- **Task to carry out**
Pictures stay out; everything else in the listing below is to be restated word for word.

Information START

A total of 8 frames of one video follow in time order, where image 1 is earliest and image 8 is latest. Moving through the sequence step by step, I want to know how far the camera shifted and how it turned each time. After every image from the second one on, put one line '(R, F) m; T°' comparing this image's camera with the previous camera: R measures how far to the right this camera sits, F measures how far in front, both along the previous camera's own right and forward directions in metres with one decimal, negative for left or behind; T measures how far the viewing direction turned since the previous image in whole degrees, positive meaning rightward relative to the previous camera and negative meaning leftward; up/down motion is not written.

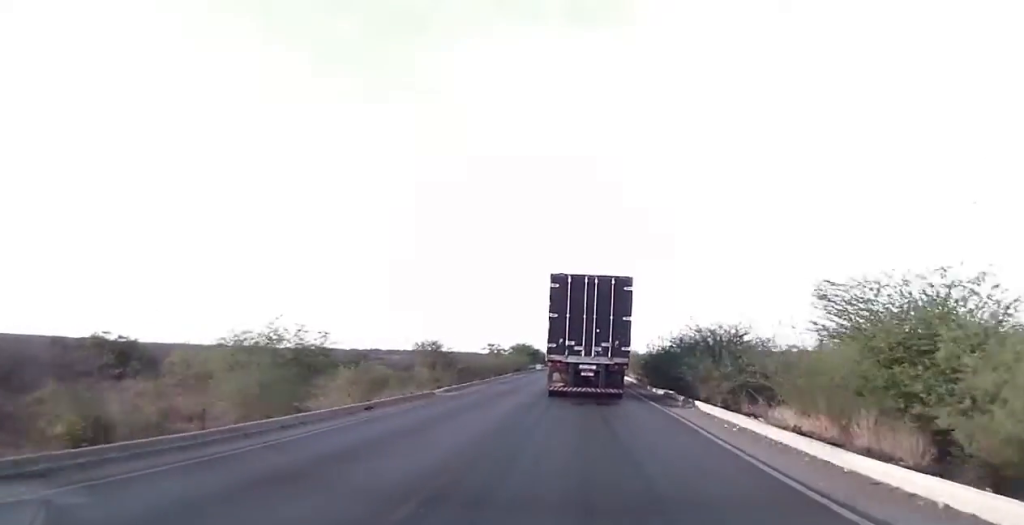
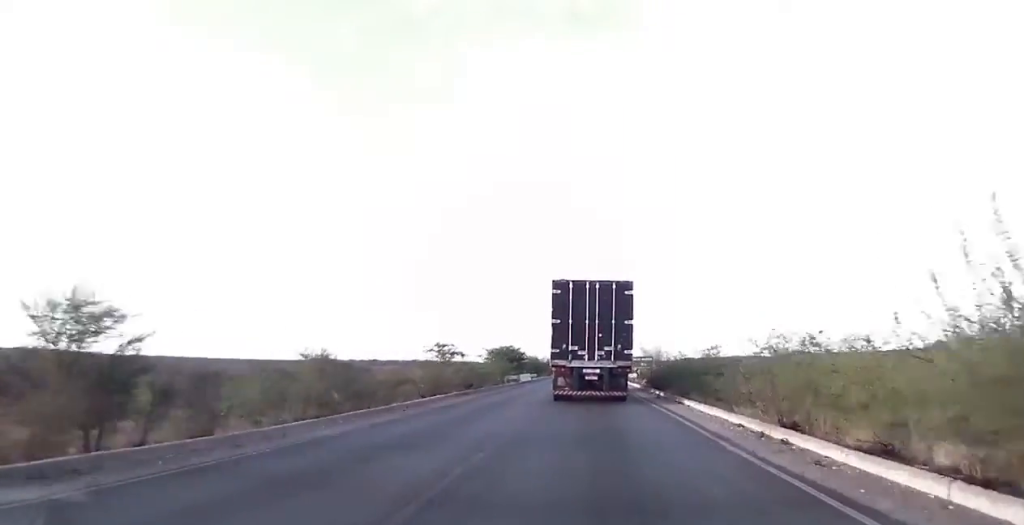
(+0.1, +32.5) m; -1°
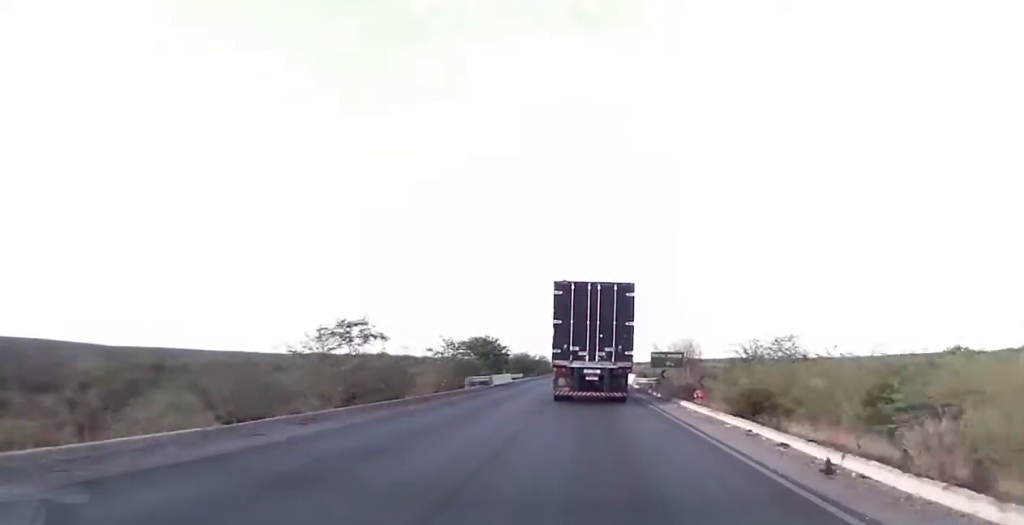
(-0.3, +19.7) m; 0°
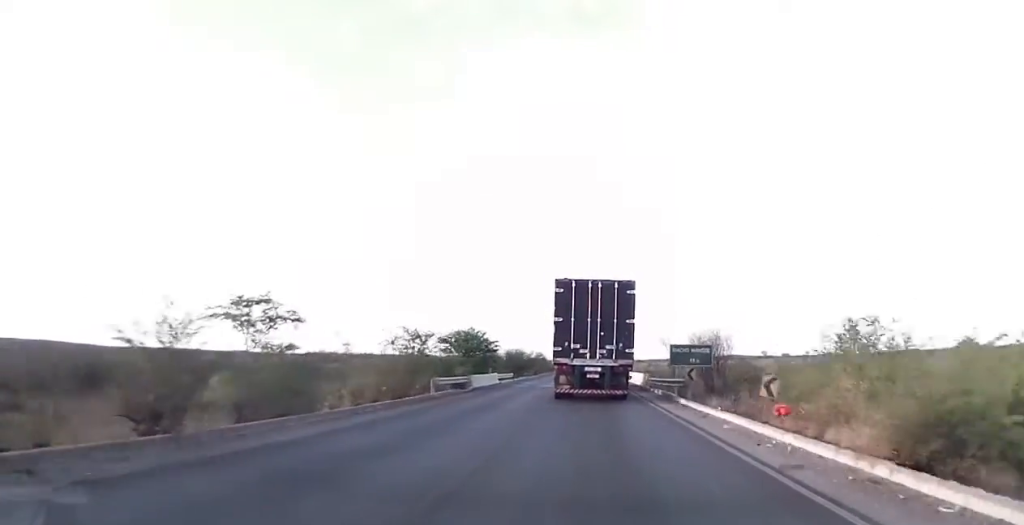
(-0.1, +9.3) m; 0°
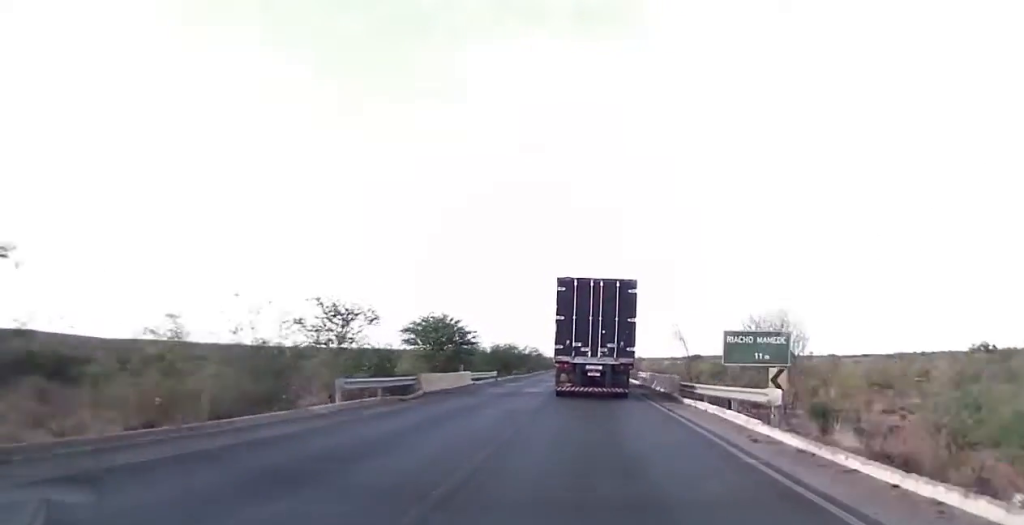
(+0.2, +12.0) m; +1°
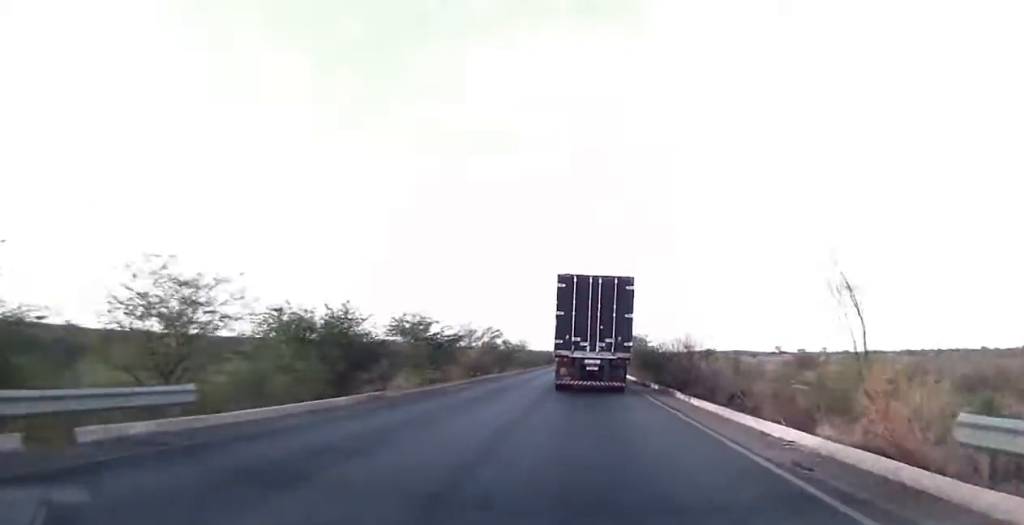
(+0.4, +39.7) m; +1°
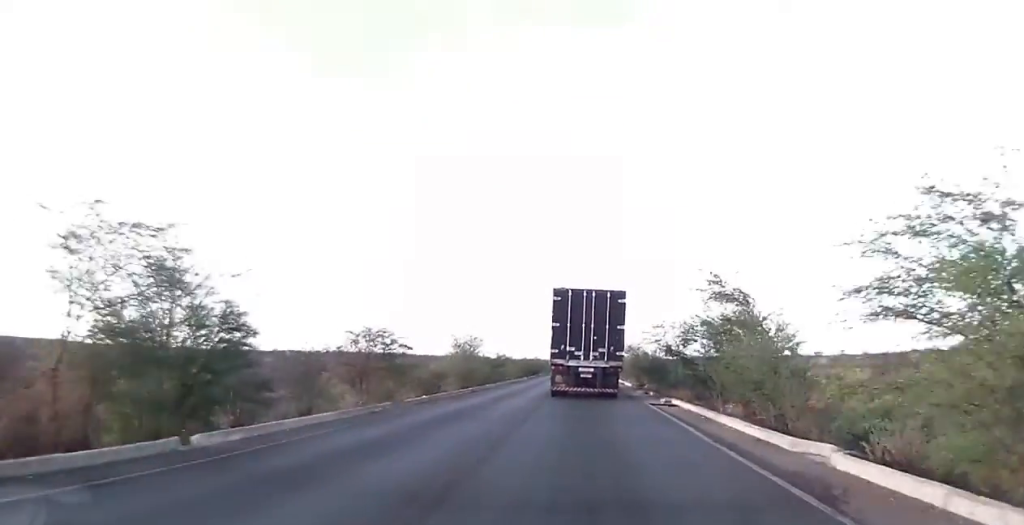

Information END

- **Written response**
A total of 8 frames of one video follow in time order, where image 1 is earliest and image 8 is latest. Moving through the sequence step by step, I want to know how far the camera shifted and how it turned each time. After every image from the second one on, put one line '(R, F) m; T°' comparing this image's camera with the previous camera: R measures how far to the right this camera sits, F measures how far in front, both along the previous camera's own right and forward directions in metres with one decimal, negative for left or behind; T measures how far the viewing direction turned since the previous image in whole degrees, positive meaning rightward relative to the previous camera and negative meaning leftward; up/down motion is not written.

(+0.1, +32.5) m; -1°
(-0.3, +19.7) m; 0°
(-0.1, +9.3) m; 0°
(+0.2, +12.0) m; +1°
(+0.4, +39.7) m; +1°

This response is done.